Lá pelas tantas de Esperando Zilanda, romance de Tamara Sender (Annablume, 2010), Estela lembra ao amigo José, com quem fala apenas por e-mail, que ainda existem chamas no mundo; que edifícios – como o da repartição em que ela trabalhava – pegam fogo; que há por aí “labaredas, saídas de emergência, mãos dadas, lances de escada, alarmes e alardes, gritos, fumaça, tudo fora dos padrões comerciais”.

Autodeclarada bomba em caixa de fósforos, Estela/estrela é dessas chamas: faísca num firmamento afogado em cinzas.

Numa época em que não se comover com os discursos do papa, o PIB da Suazilândia e as eleições nas Ilhas Maurício pode soar como pirraça ou indolência, ela foge sem cerimônia da voz do William Bonner. Não quer ouvir o Jornal Nacional. Simplesmente não quer. Prefere jornais velhos e cafés frios.

Enquanto os outdoors do senso comum enaltecem a perseverança, o esforço e a superação – atitudes que para a moça só aumentariam nosso desgaste cognitivo –, ela defende a resignação como ato heroico. A desistência como gesto muito mais humilde. Nobre até. Não por acaso o fato de reconhecer a existência de “histórias magníficas de boicote a si mesmo” a leva a admitir que au-to-fla-ge-la-ção, “palavra de respeitosa divisão silábica”, poderia fazer parte de uma lista de vocábulos felizes.

Falando em lista, a de suas dificuldades para lidar com as coisas ditas mais simples vai longe. Contrariando as bulas de felicidade, Estela considera a gravidez uma invasão de privacidade e o contato diário/compulsório com seres humanos algo extremamente nocivo à saúde. Nada a deprime mais do que contribuir para a perpetuação da espécie. A não ser, talvez, uma praça de alimentação cheia de pessoas trocando presentes de Natal.

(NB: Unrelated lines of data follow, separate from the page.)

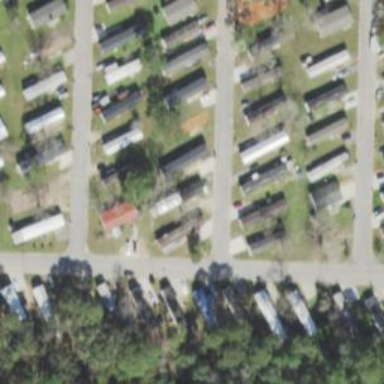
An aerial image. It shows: Residential area known as trailer park.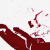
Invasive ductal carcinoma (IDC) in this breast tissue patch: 0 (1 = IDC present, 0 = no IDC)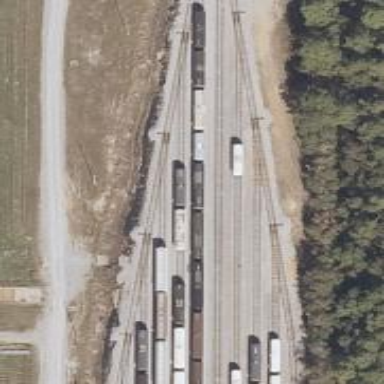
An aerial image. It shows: Railway spur service.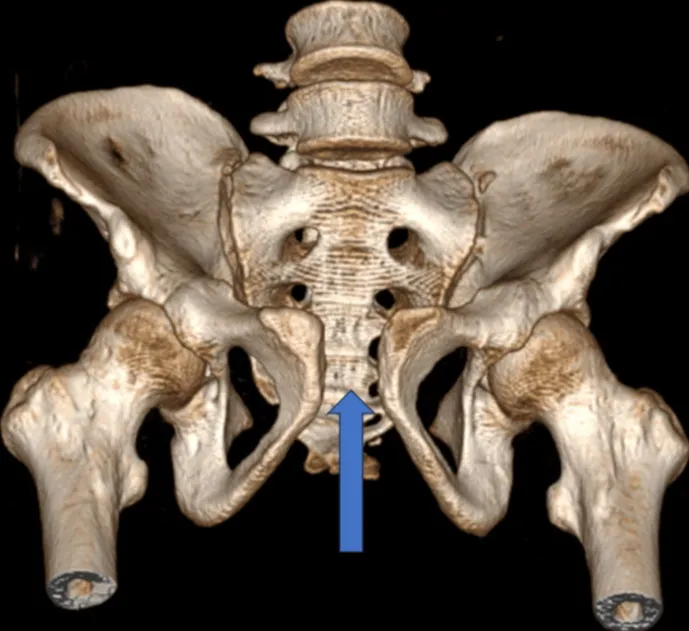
CT-3D outlet/inferior view of pubic symphysis diastasis (marked with blue arrow).
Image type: radiology (ct)
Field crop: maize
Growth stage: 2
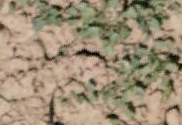
Species: convolvulus

Ou a tevê ainda acesa no meio da madrugada. Olimpíadas ao vivo. A atleta com a tão sonhada e suada medalha de ouro no peito. A bandeira verde-amarela tremulando o hino nacional. Os locutores gritando Brasil mil vezes seguidas. Os recordes quebrados. As histórias edificantes. As gagueiras intencionais. Os infartos iminentes. E então Estela se pergunta: o que leva uma pessoa a dedicar a vida ao salto com vara?

Poucas vezes conheci protagonista tão deliciosamente desprovida de paciência para céus, luas, estrelas ou quaisquer grandiosidades e lirismos, o que explica, aliás, o desgosto que sente pelo próprio nome. Raras vezes encontrei narradora tão obstinadamente disposta a desarrumar – com tantas entrelinhas de ironia – o “ambiente de acontecimentos retumbantes” em que vivemos.

Logo, não surpreende que – apesar ou por causa dessa infinita disposição para a desordem – ela use o título de seu diário para sublinhar a rotina de esperar a empregada, aquela que vem toda semana para pôr as coisas no lugar, uma das poucas criaturas capazes de alertá-la para sutilezas da vida como o Vidrex: o Veja específico para limpar vidros e afins.

Surpreende menos ainda que cative o leitor – em especial aquele mais atento aos sinais de fumaça que escapam pelas frestas do noticiário, mais arredio ao mundo das exclamações pré-fabricadas – e o conduza sem alarmes ou alardes pelas páginas do nosso absurdo cotidiano. Onde quase sempre parecem faltar saídas de emergência.








Fábio Flora é autor de Segundas estórias: uma leitura sobre Joãozito Guimarães Rosa (Quartet, 2008), escreve no Pasmatório, tem perfil no Twitter e no Facebook.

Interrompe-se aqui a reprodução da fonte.